- Opening Delimiter -
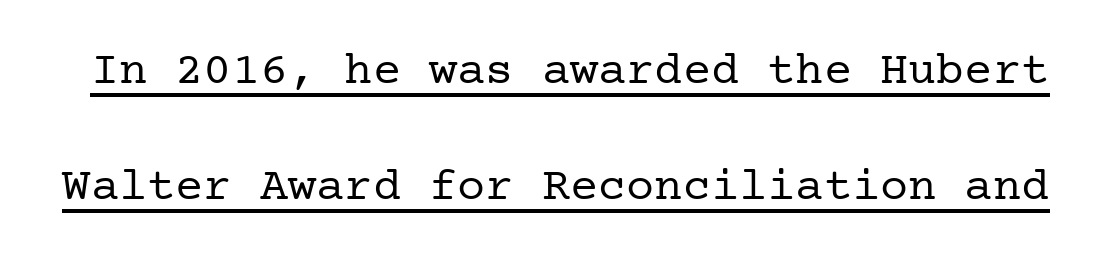
Examine the stroke ends and you'll spot serifs. Vertical stems look standard width or narrower in stroke. The face used here is rendered with its standard letterfit. Somebody hit Ctrl+U on this one — the words are underlined. The type sits square on the baseline with zero lean. The vertical gap from one line to the next is large.
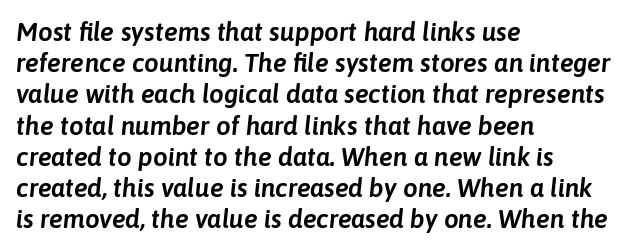
Bare-footed words on every line. The text carries the slant typical of an italic or oblique font. Compared with typical body copy, the letter spacing here is the same. A student would call this left alignment; a typographer would say flush left, rag right.
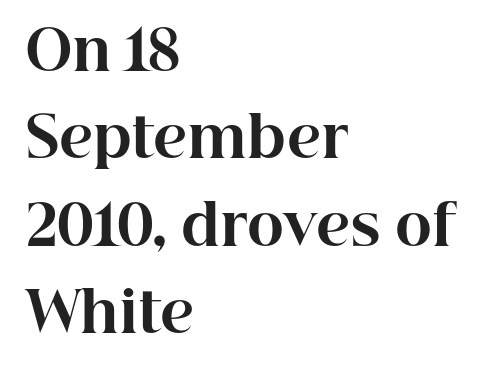
{"serif": "yes", "italic": "no", "bold": "yes", "weight": "bold", "width": "normal", "stroke_contrast": "high", "x_height": "medium", "monospaced": "no", "underline": "no", "align": "left", "line_spacing": "normal", "line_spacing_ratio": 1.56, "letter_spacing": "normal", "letter_spacing_em": 0.0, "glyph_px": 56}
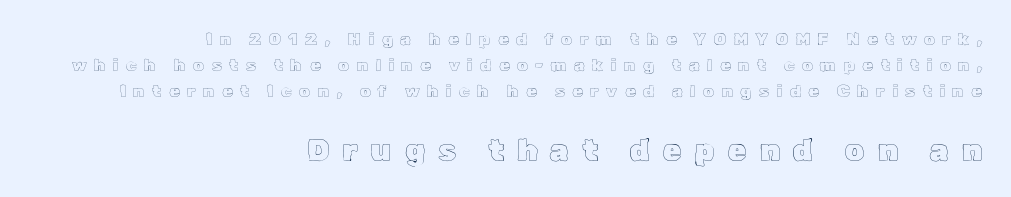
Q: Is the text italic (slanted)? A: No, it is upright.
Q: Is the text underlined? A: No.
Q: How is the paragraph aligned? A: Right-aligned.
Q: Is the spacing between letters normal or unusually wide? A: Unusually wide.
Q: Is the spacing between lines tight, normal or loose? A: Normal.
Q: Which block of text is set in a larger size, the first (top) or the second (bottom)? A: The second (bottom) one.
Q: Width (condensed, normal, or wide)? A: Normal.
Q: x-height? A: Medium.
Q: Monospaced? A: No.
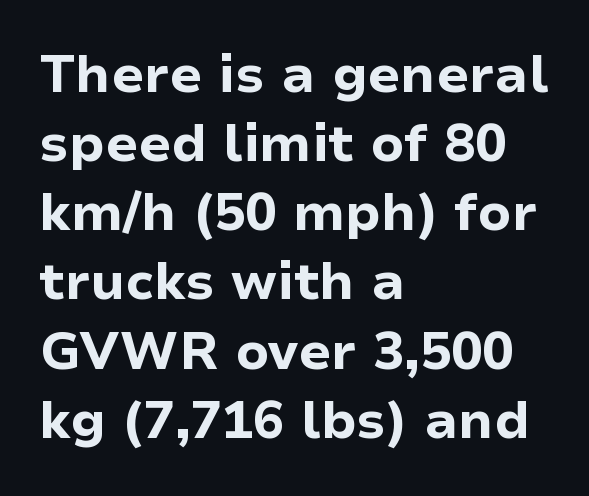
{"serif": "no", "italic": "no", "bold": "yes", "weight": "bold", "width": "normal", "stroke_contrast": "low", "x_height": "medium", "monospaced": "no", "underline": "no", "align": "left", "line_spacing": "normal", "line_spacing_ratio": 1.33, "letter_spacing": "normal", "letter_spacing_em": 0.0, "glyph_px": 52}
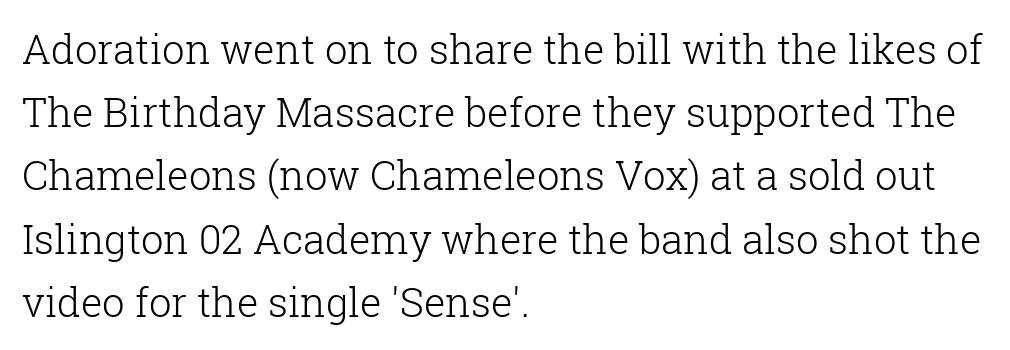
{"serif": "yes", "italic": "no", "bold": "no", "weight": "light", "width": "normal", "stroke_contrast": "low", "x_height": "medium", "monospaced": "no", "underline": "no", "align": "left", "line_spacing": "normal", "line_spacing_ratio": 1.58, "letter_spacing": "normal", "letter_spacing_em": 0.0, "glyph_px": 40}
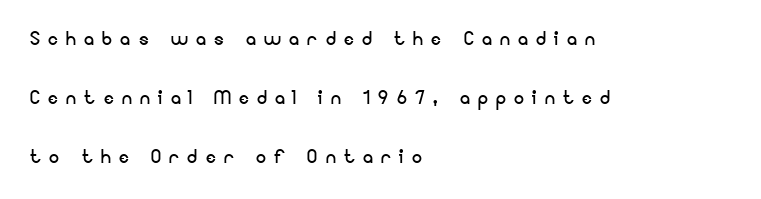
{"italic": "no", "bold": "no", "underline": "no", "align": "left", "line_spacing": "loose", "line_spacing_ratio": 2.36, "letter_spacing": "wide", "letter_spacing_em": 0.33, "glyph_px": 25}
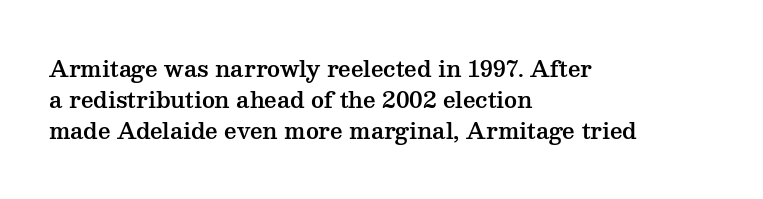
{"italic": "no", "underline": "no", "align": "left", "line_spacing": "normal", "line_spacing_ratio": 1.42, "letter_spacing": "normal", "letter_spacing_em": 0.0, "glyph_px": 22}
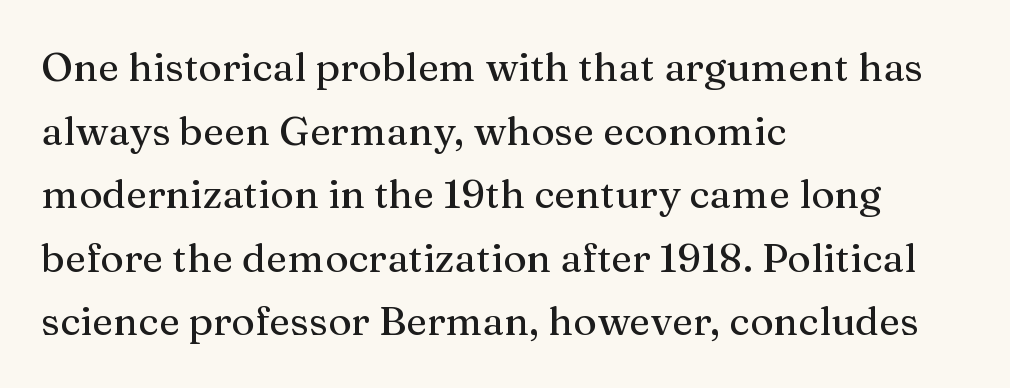
This sample has the flowing, uneven cadence of proportional lettering. Little horizontal feet cap the strokes, marking this as serif type. The gap between lines stays unmarked. This sample uses plain, unmodified letter spacing.
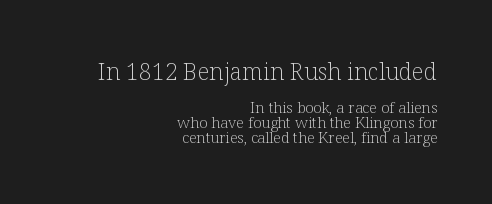
The image shows 23 px text type, upright; set right-aligned, tight line spacing (1.0x), normal letter spacing, not underlined; the first (top) block is 1.53x larger.
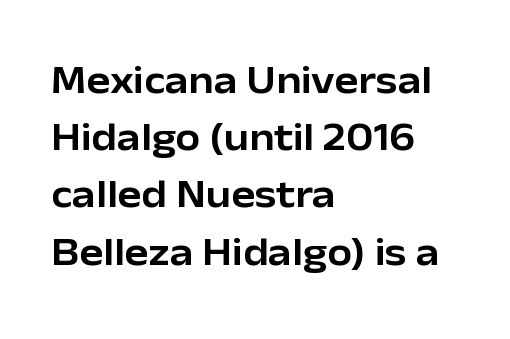
Serifs: no, the terminals of the letterforms are clean. How are the letters spaced? Ordinarily, with no added tracking. One glance says typical: line gaps are just what's usual. Line beginnings align vertically; line endings do not.
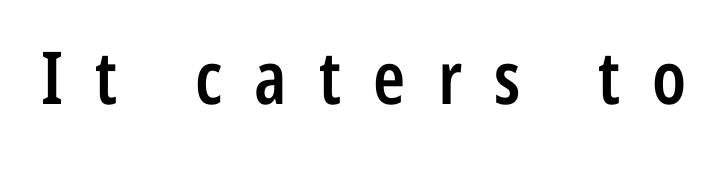
Q: Is the text bold? A: Semi-bold.
Q: Is the text italic (slanted)? A: No, it is upright.
Q: Is the typeface a serif or a sans-serif typeface? A: Sans-serif.
Q: Is the text underlined? A: No.
Q: Is the spacing between letters normal or unusually wide? A: Unusually wide.
Q: Width (condensed, normal, or wide)? A: Condensed.
Q: Stroke contrast? A: Low.
Q: x-height? A: Medium.
Q: Monospaced? A: No.
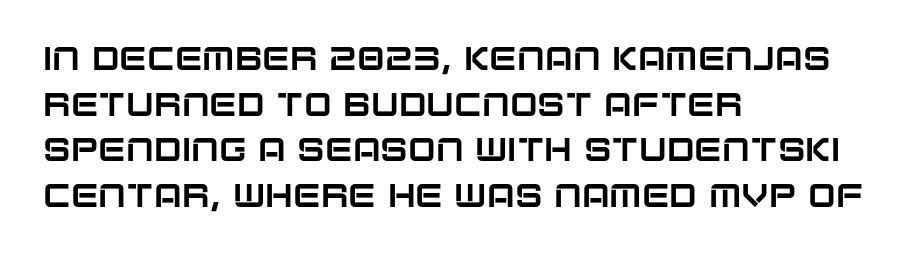
Each letter keeps its own natural width here, so spacing adapts to shape. Visually the block forms a straight wall on the left and a jagged coastline on the right. Reading down the column, the eye jumps a familiar distance to each next line. Underline: absent.
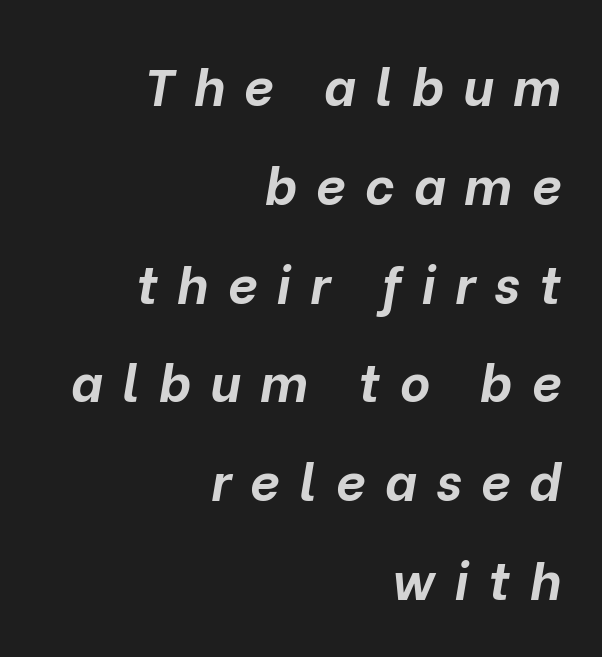
{"italic": "yes", "lean": "right", "slant_degrees": 10, "bold": "yes", "weight": "bold", "width": "normal", "stroke_contrast": "low", "x_height": "medium", "monospaced": "no", "underline": "no", "align": "right", "line_spacing": "loose", "line_spacing_ratio": 1.9, "letter_spacing": "wide", "letter_spacing_em": 0.37, "glyph_px": 52}
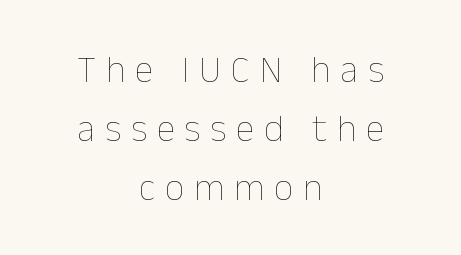
Weight: in the light-to-regular range. One-word summary of the alignment: center. The area under the type is left untouched. Do the letters lean? They stand straight. This sample has the flowing, uneven cadence of proportional lettering.
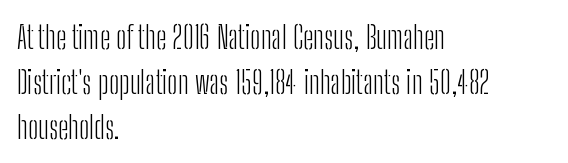
Q: Is the text bold? A: No.
Q: Is the text italic (slanted)? A: No, it is upright.
Q: Is the typeface a serif or a sans-serif typeface? A: Sans-serif.
Q: Is the text underlined? A: No.
Q: How is the paragraph aligned? A: Left-aligned.
Q: Is the spacing between letters normal or unusually wide? A: Normal.
Q: Is the spacing between lines tight, normal or loose? A: Normal.
Q: Width (condensed, normal, or wide)? A: Condensed.
Q: Stroke contrast? A: Low.
Q: x-height? A: Medium.
Q: Monospaced? A: No.
- Closing Delimiter -
## TASK DESCRIPTION
What you return must match the lines above from the one with "unmodified letter spacing." through the one with "Q: How is the paragraph aligned? A: Left-aligned." exactly, with both ends included and the pictures excluded.

## RESPONSE FOR THIS EXERCISE
This sample has the flowing, uneven cadence of proportional lettering. Little horizontal feet cap the strokes, marking this as serif type. The gap between lines stays unmarked. This sample uses plain, unmodified letter spacing.
The image shows 23 px text type, upright; set right-aligned, tight line spacing (1.0x), normal letter spacing, not underlined; the first (top) block is 1.53x larger.
Serifs: no, the terminals of the letterforms are clean. How are the letters spaced? Ordinarily, with no added tracking. One glance says typical: line gaps are just what's usual. Line beginnings align vertically; line endings do not.
Q: Is the text bold? A: Semi-bold.
Q: Is the text italic (slanted)? A: No, it is upright.
Q: Is the typeface a serif or a sans-serif typeface? A: Sans-serif.
Q: Is the text underlined? A: No.
Q: Is the spacing between letters normal or unusually wide? A: Unusually wide.
Q: Width (condensed, normal, or wide)? A: Condensed.
Q: Stroke contrast? A: Low.
Q: x-height? A: Medium.
Q: Monospaced? A: No.
Each letter keeps its own natural width here, so spacing adapts to shape. Visually the block forms a straight wall on the left and a jagged coastline on the right. Reading down the column, the eye jumps a familiar distance to each next line. Underline: absent.
{"italic": "yes", "lean": "right", "slant_degrees": 10, "bold": "yes", "weight": "bold", "width": "normal", "stroke_contrast": "low", "x_height": "medium", "monospaced": "no", "underline": "no", "align": "right", "line_spacing": "loose", "line_spacing_ratio": 1.9, "letter_spacing": "wide", "letter_spacing_em": 0.37, "glyph_px": 52}
Weight: in the light-to-regular range. One-word summary of the alignment: center. The area under the type is left untouched. Do the letters lean? They stand straight. This sample has the flowing, uneven cadence of proportional lettering.
Q: Is the text bold? A: No.
Q: Is the text italic (slanted)? A: No, it is upright.
Q: Is the typeface a serif or a sans-serif typeface? A: Sans-serif.
Q: Is the text underlined? A: No.
Q: How is the paragraph aligned? A: Left-aligned.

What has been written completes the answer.